Get Certified, Indonesia Tells Malaysian Planters

MEDAN: Malaysian oil palm planters in Indonesia

will need to be separately certified under Indonesia Sustainable Palm

Oil (ISPO), regardless of whether they have already been certified by

the Roundtable on Sustainable Palm Oil (RSPO).


In an interview with Business Times here recently, Indonesia’s

Agriculture Ministry director of estate crop Bapak Rimansyah said

RSPO-certified estates do not automatically qualify for ISPO.

“It’s not automatic but it (RSPO-certified firms) will be easier compared to those who are not certified at all,” he said.

Rimansyah said the ISPO’s principles and criteria are not the same as RSPO.

“First things first, the RSPO is voluntary whereas the ISPO is

mandatory. Secondly, the ISPO is actually a reflection of a unified code

of laws concerning best practices throughout the supply chain from oil

palm planting to palm oil processing,” he explained.

ISPO certification means compliance to all existing laws of four

ministries namely Ministry of Agriculture, State Ministry for the

Environment, the Ministry of Forestry and the National Land Agency.

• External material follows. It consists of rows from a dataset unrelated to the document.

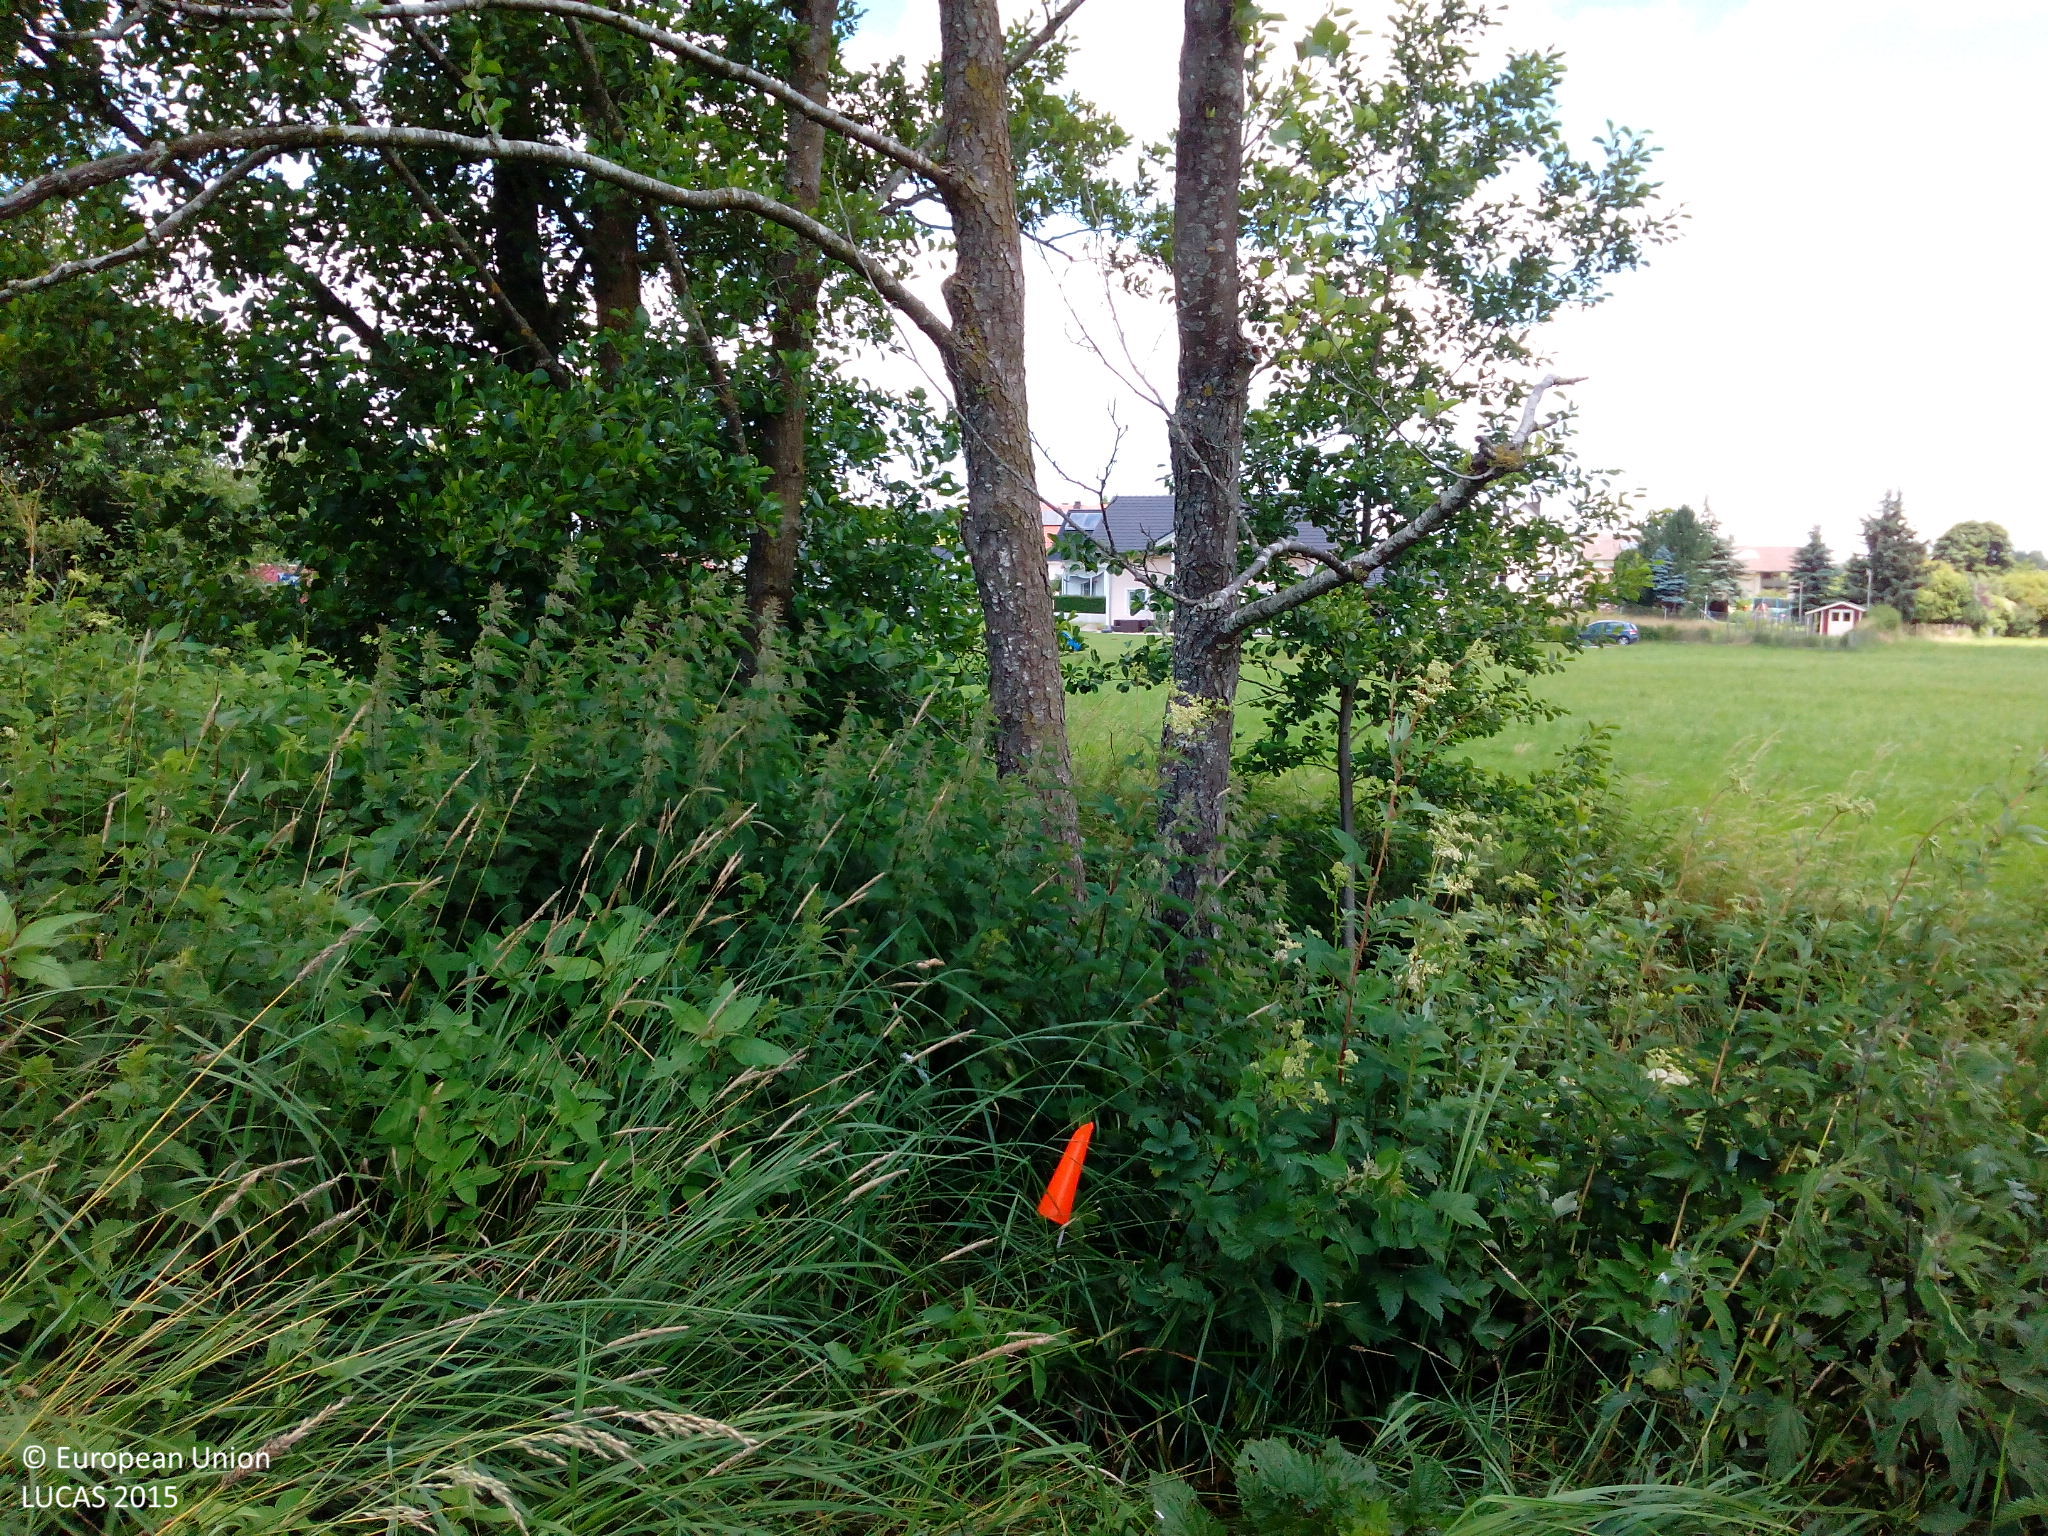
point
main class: Woodland
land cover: Broadleaved woodland
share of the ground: > 75 %
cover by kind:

“The ISPO is meant to streamline the enforcement channels of various government agencies,” he said.

Rimansyah explained that the ISPO is in line with the rules of the

World Trade Organisation (WTO). It is designed to get a market guarantee

through the mechanism of the WTO and other multilateral or bilateral

agreements with buyers.

The RSPO, set up in 2004, was initially

hailed as a forum where stakeholders of diverse interests are considered

as equal partners.

Somehow, over the years, the roundtable

concept of equal duties and rights became lopsided. The RSPO has tipped

in favour of environmental and animal rights activists as their

expertise in communicating to the public and credibility assertion is

being carried out at the expense of palm oil producers.

According to www.ispo-org.or.id, the Indonesian government seeks to

restore balance of social and economic dimensions of oil palm

cultivation to be on par with environmental conservation.

“Only

when the three dimensions of sustainability are proportionately

accounted for and treated equally, then the generally accepted

definition of sustainable oil palm planting can be achieved,” he said.

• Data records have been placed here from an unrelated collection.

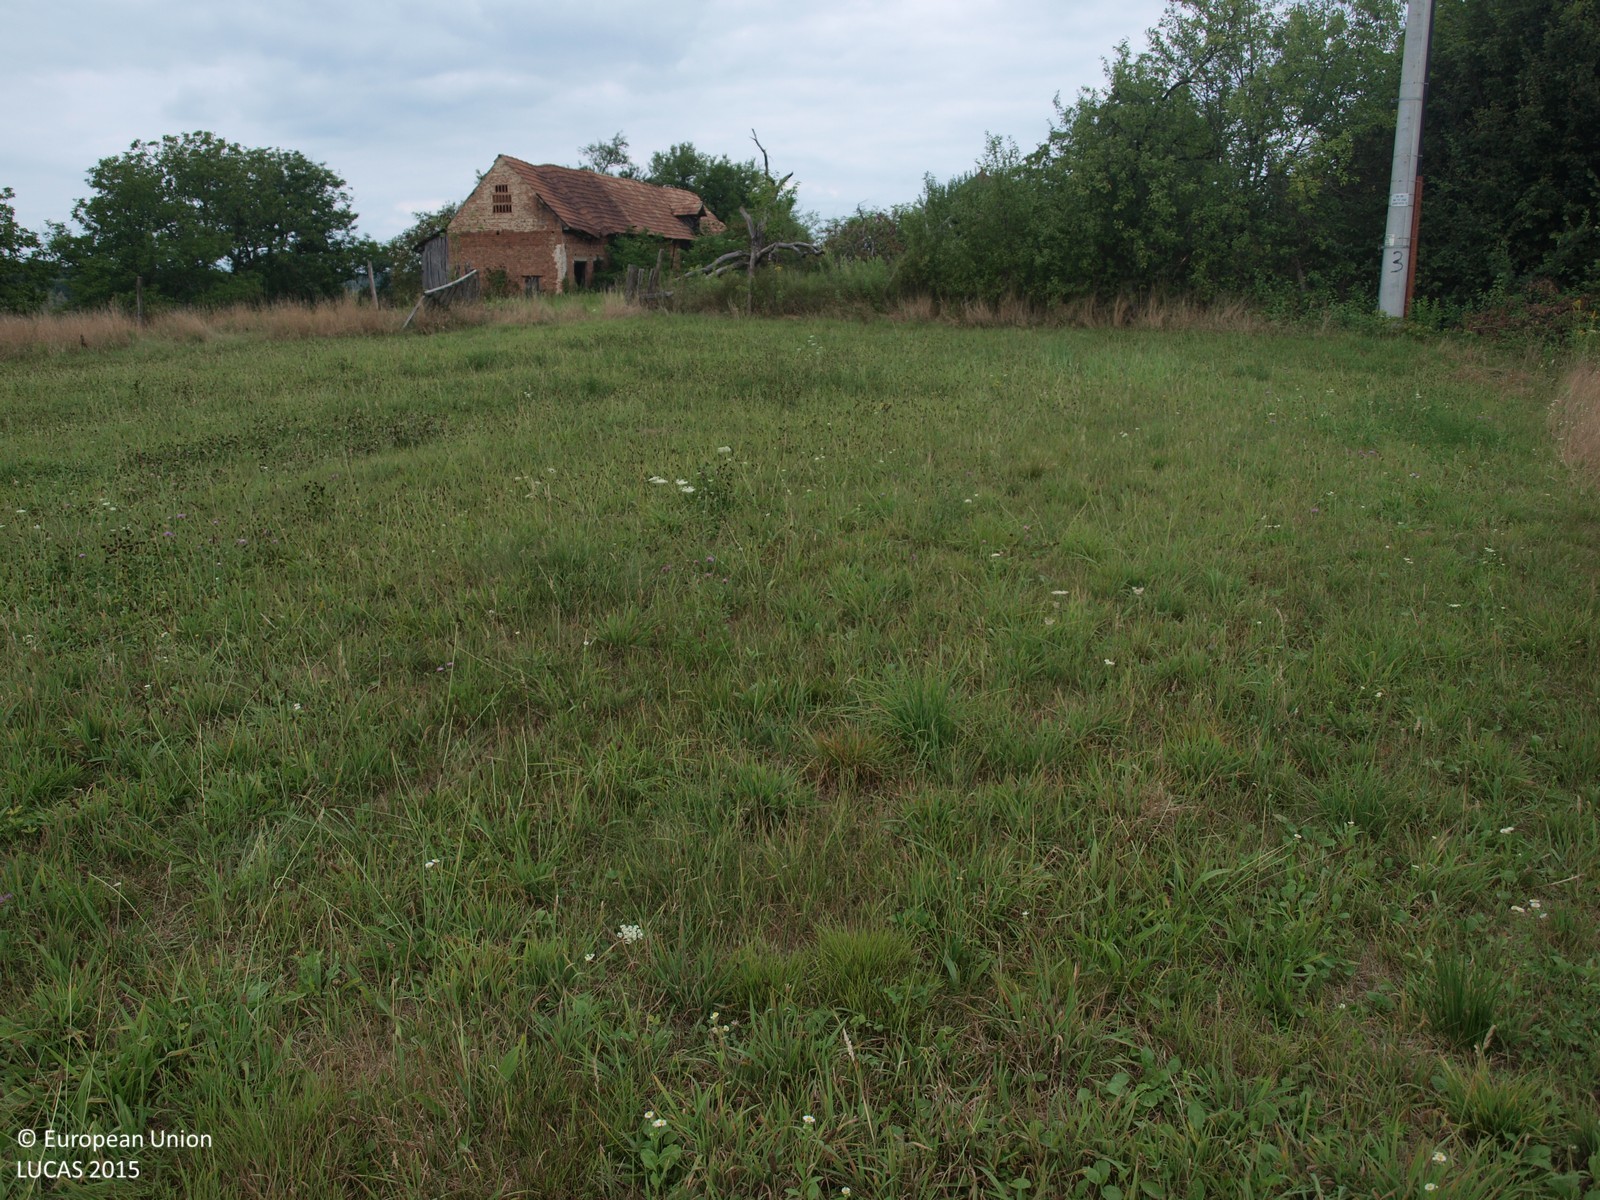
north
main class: Grassland
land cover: Grassland without tree/shrub cover
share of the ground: > 75 %
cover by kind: herbaceous plants 100 %
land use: Agriculture (excluding fallow land and kitchen gardens)
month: August
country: HR
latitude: 45.9467
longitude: 16.3330

If there are breaches of the laws, Rimansyah said, the violators will not be eligible to the ISPO certification.

Citing an example of ISPO working within a legal framework, he said if

an oil palm company is proven to be guilty of slash and open burning in

the court, it will not be entitled to apply for ISPO certification.

On the estimated cost of ISPO certification, he said: “We’re not

charging the oil palm planters anything but the auditors will charge

their fees.

“Although we have yet to finalise the list of

auditors and their fee scale, the government does not want oil palm

planters to be unnecessarily burdened. We’re proposing to the auditors

that there be a ceiling fee.”

He added that the ISPO auditors will have to work closely with the National Accreditation Body of Indonesia.

The Decree of the Minister of Agriculture No. 7/2009 classifies all oil palm planters into Grade I, II, III, IV and V.

Rimansyah said oil palm planters have three years to make adjustments

to the ISPO criteria. If companies need advocacy to meet the

requirements, assistance will be provided for six months to two years.

This year, Rimansyah said, 20 oil palm plantations are undergoing a

trial to pursue the ISPO certification. The participants include PT Rea

Kaltim Plan PT Ivomas Tunggal, PT Sime Indo Agro, PT Sumber Indah

Perkasa PT Gunung Sejahtera and state companies such as PT Perkebunan

Nusantara PTPN III, V, VI and XIII.

Association of Plantation

Investors of Malaysia in Indonesia (Apimi) executive secretary Nor

Hazlan Abdul Mutalib, who was also present at the interview, said his

members fully support the ISPO certification.

“Among the 20

companies, two are our members. In fact, all of our members are for

sustainable agricultural and manufacturing practices as required by

Indonesian laws.

“We appreciate the transparency in the ISPO process because it includes public consultation,” he said.

As a founding component of the Indonesia-Malaysia Palm Oil Group, Nor

Hazlan said Apimi members are committed to further investing in the

republic.

“Sime Darby Bhd has set aside RM350 million to set up a

refinery in south Kalimantan. It will be able to process 2,500 tonnes

per day.

“We’re happy to share business development ideas for

the mutual benefit of both countries. After all, Indonesia and Malaysia

contribute to about 85 per cent of world supply of palm oil. This

industry directly supports some five million jobs and livelihoods,” he

added.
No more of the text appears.